Images do not belong in the copy. Set down all the entries exactly.

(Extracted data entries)
────────────────────────────────────────

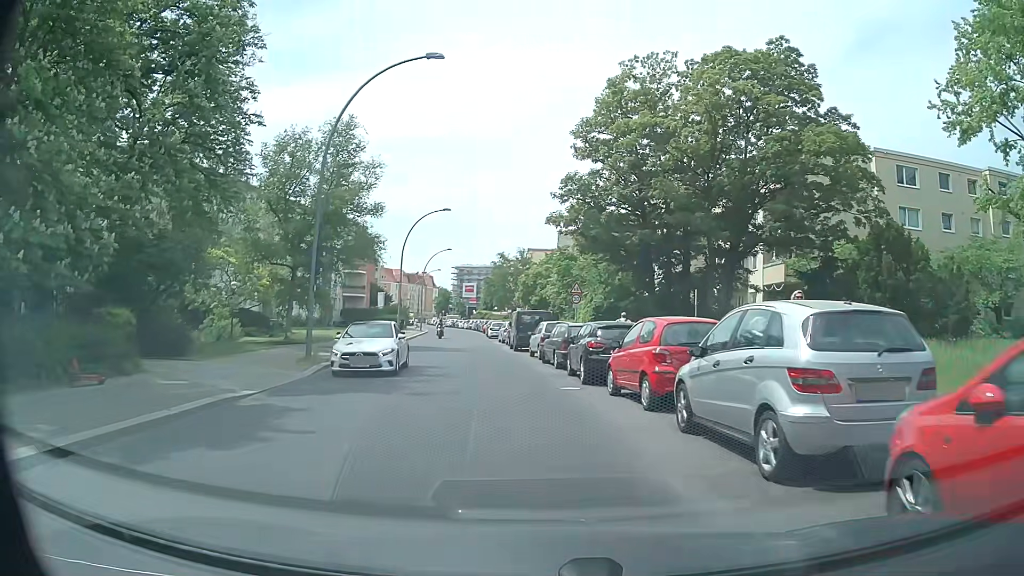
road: residential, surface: asphalt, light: Day
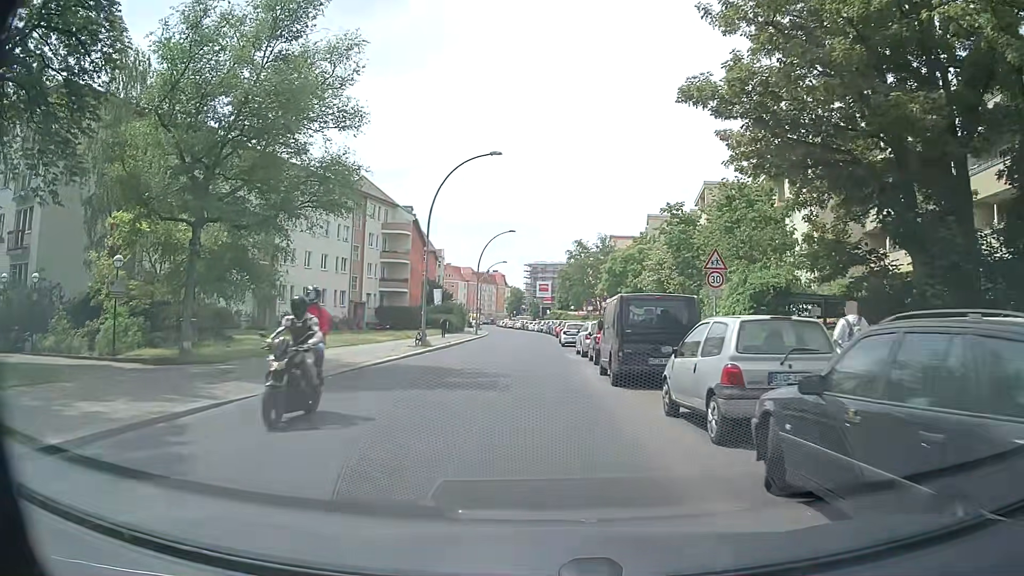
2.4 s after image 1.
(-1.0, +17.9) m; -7°
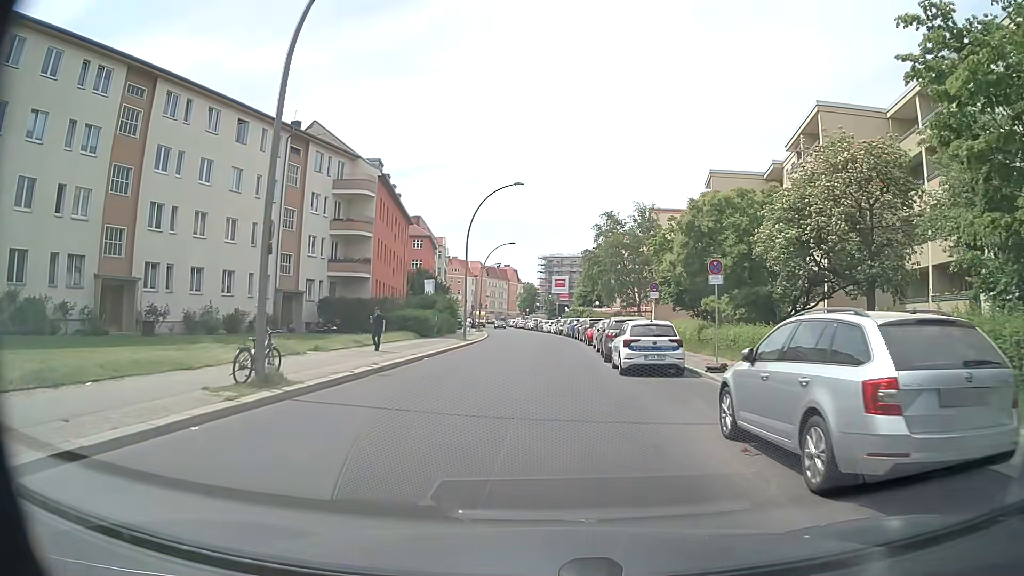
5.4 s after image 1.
(-0.3, +22.3) m; -2°
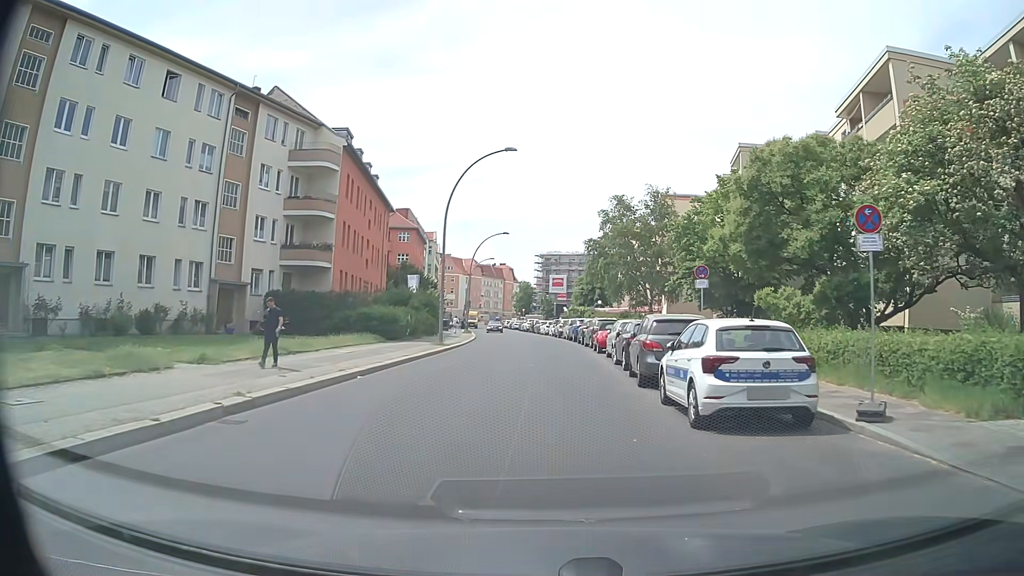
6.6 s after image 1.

────────────────────────────────────────

> _ANSWER_:
road: residential, surface: asphalt, light: Day
2.4 s after image 1.
(-1.0, +17.9) m; -7°
5.4 s after image 1.
(-0.3, +22.3) m; -2°
6.6 s after image 1.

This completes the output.